▶ [Work task] Below are records to retype exactly, except for the pictures.

Segment Open

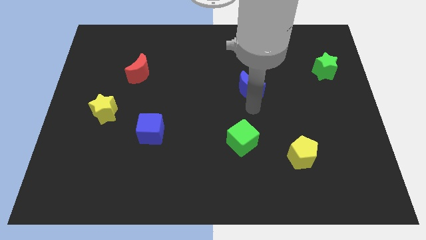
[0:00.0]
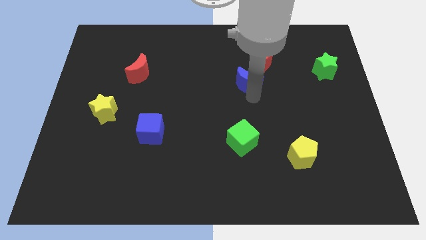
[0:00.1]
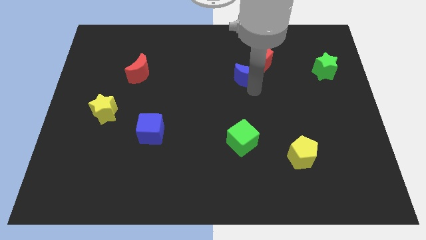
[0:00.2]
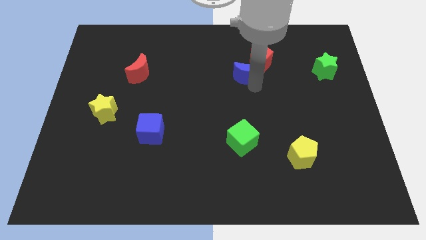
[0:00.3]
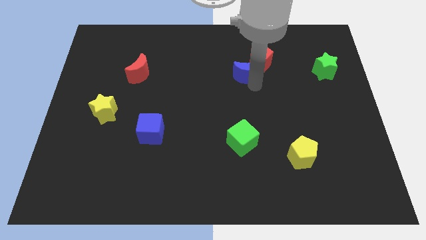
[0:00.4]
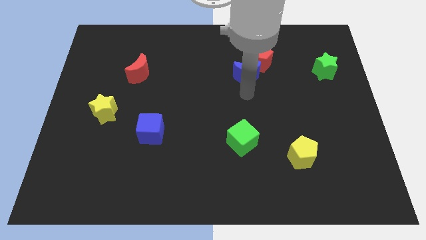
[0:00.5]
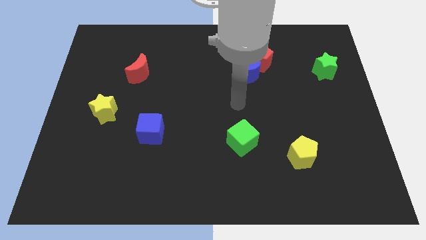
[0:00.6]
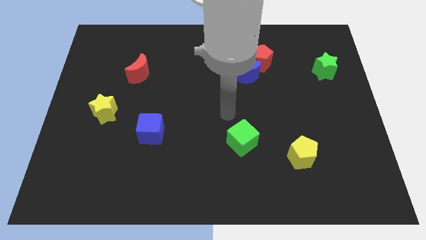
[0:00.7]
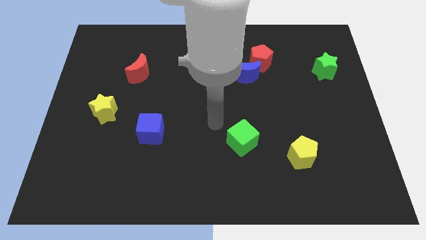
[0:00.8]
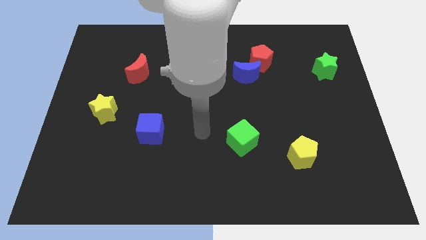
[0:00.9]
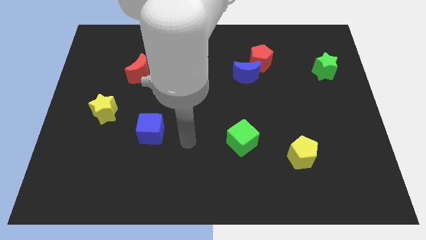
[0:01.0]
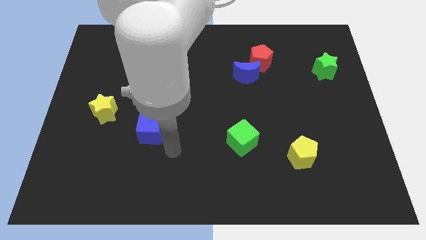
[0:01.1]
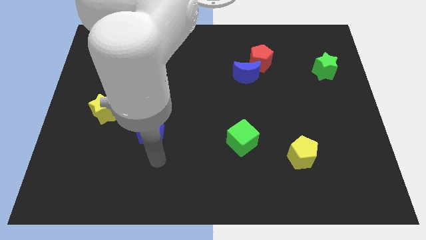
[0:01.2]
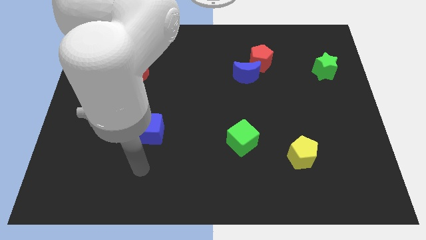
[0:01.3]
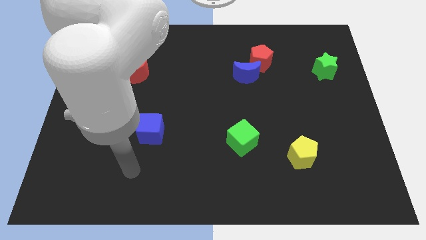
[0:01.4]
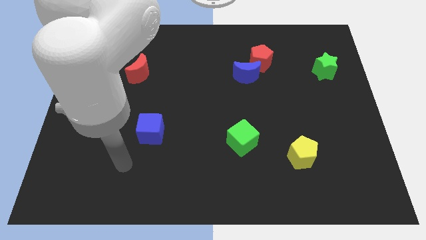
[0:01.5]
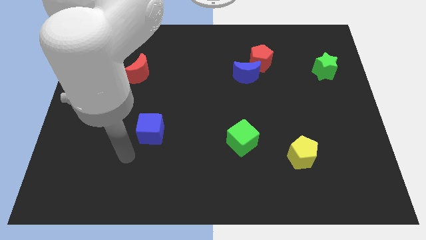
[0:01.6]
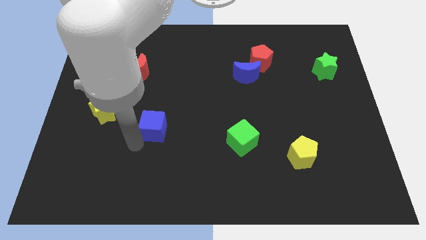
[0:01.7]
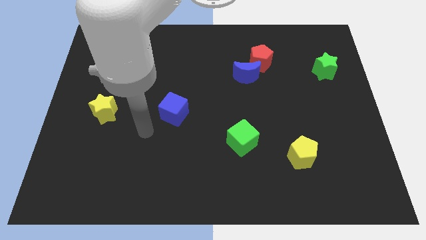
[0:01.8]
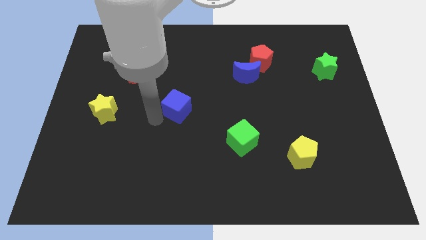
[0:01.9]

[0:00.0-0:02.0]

Segment Closed

▶ [Response to the task]
[0:00.0]
[0:00.1]
[0:00.2]
[0:00.3]
[0:00.4]
[0:00.5]
[0:00.6]
[0:00.7]
[0:00.8]
[0:00.9]
[0:01.0]
[0:01.1]
[0:01.2]
[0:01.3]
[0:01.4]
[0:01.5]
[0:01.6]
[0:01.7]
[0:01.8]
[0:01.9]

[0:00.0-0:02.0]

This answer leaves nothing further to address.